Arguments that propositional logic cannot see
Consider this argument: 'All humans are mortal. Socrates is a human. Therefore, Socrates is mortal.' It is obviously valid, but propositional logic cannot show that. In propositional logic, each premise is a distinct sentence letter. Premise 1 might be H, premise 2 might be S, and the conclusion might be M. The form H, S ⊢ M is not valid by any propositional rule, because propositional logic cannot see inside the sentences to notice the repeated references to humans and mortality.
Predicate logic solves this by looking inside sentences. 'All humans are mortal' becomes ∀x (Hx → Mx): for every x, if x is a human then x is mortal. 'Socrates is a human' becomes Hs, where s is a constant naming Socrates. The conclusion 'Socrates is mortal' becomes Ms. Now the inference is formally visible: instantiate the universal premise to s, apply modus ponens, and you have Ms. The sentence-internal structure is what predicate logic lets us track.
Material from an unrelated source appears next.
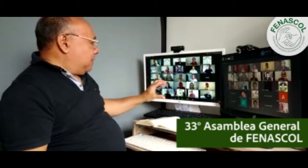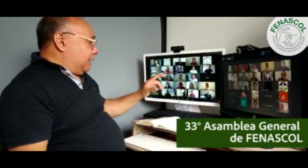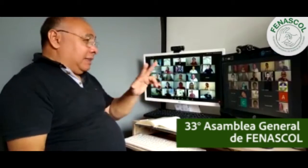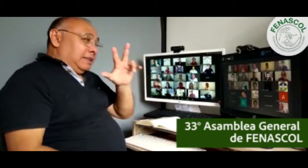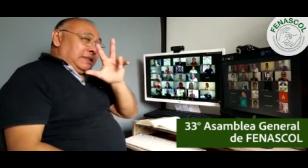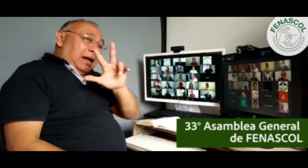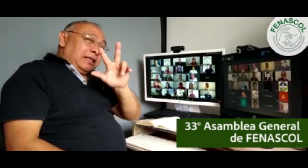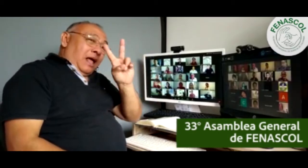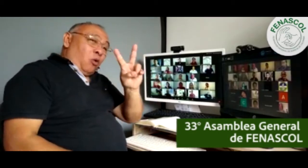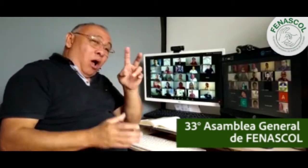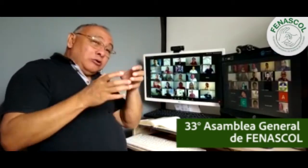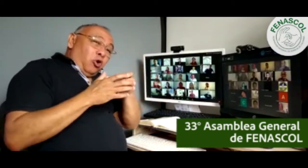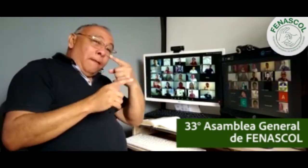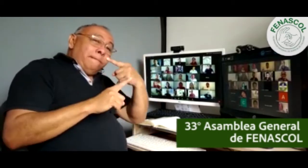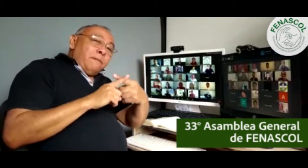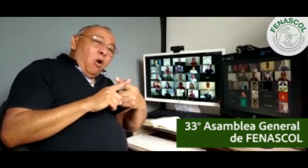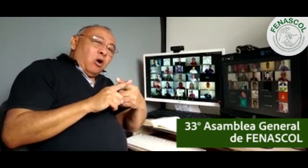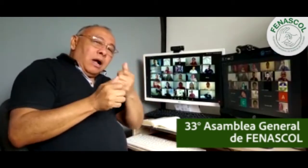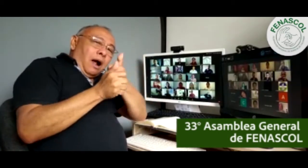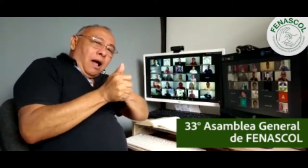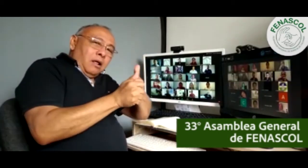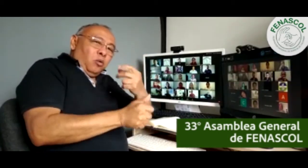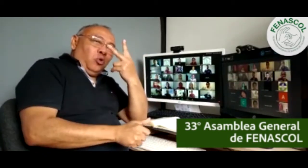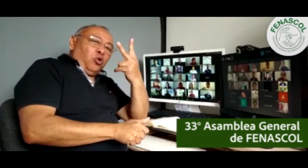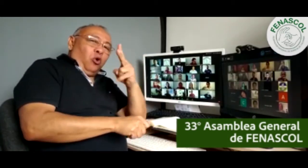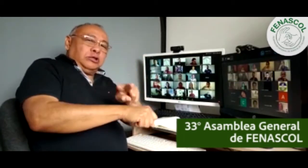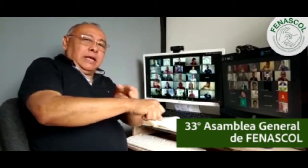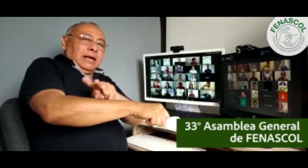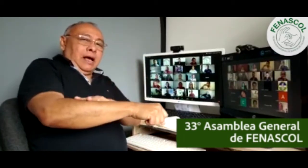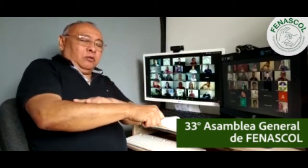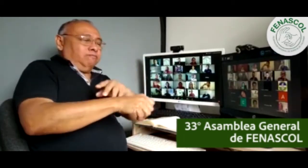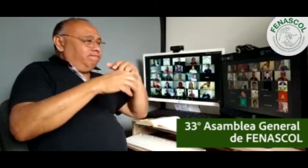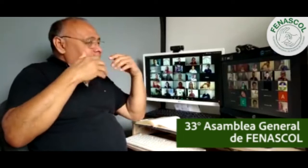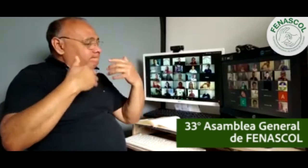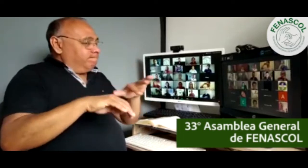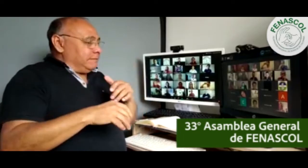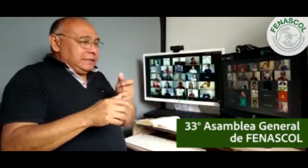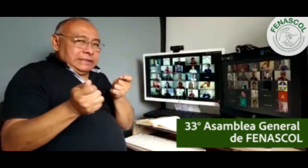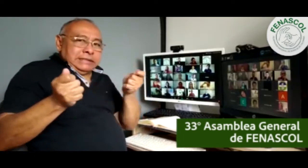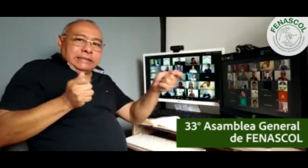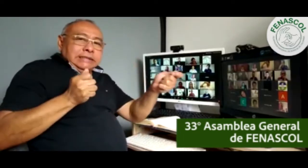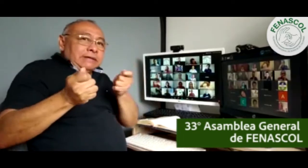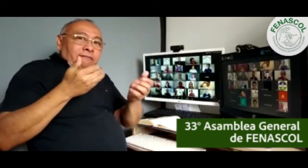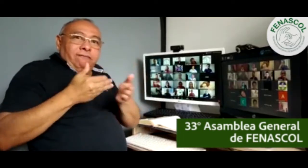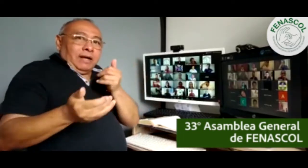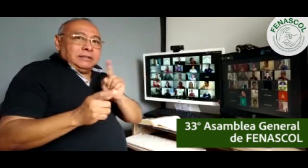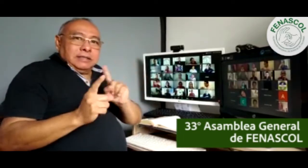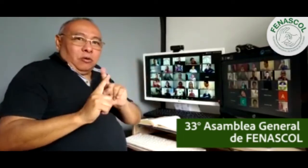asociaciones de sordos, cada una de ellas con dos delegados participantes. No ha sido

This limitation is not a defect of propositional logic; it is a consequence of the level at which propositional logic operates. Propositional logic was designed to capture relationships between whole statements — conjunction, disjunction, conditional, negation — and it does that well. But the moment an argument's validity depends on what a statement says about its subject, propositional logic has no tools to see the connection. Predicate logic was invented precisely to fill that gap.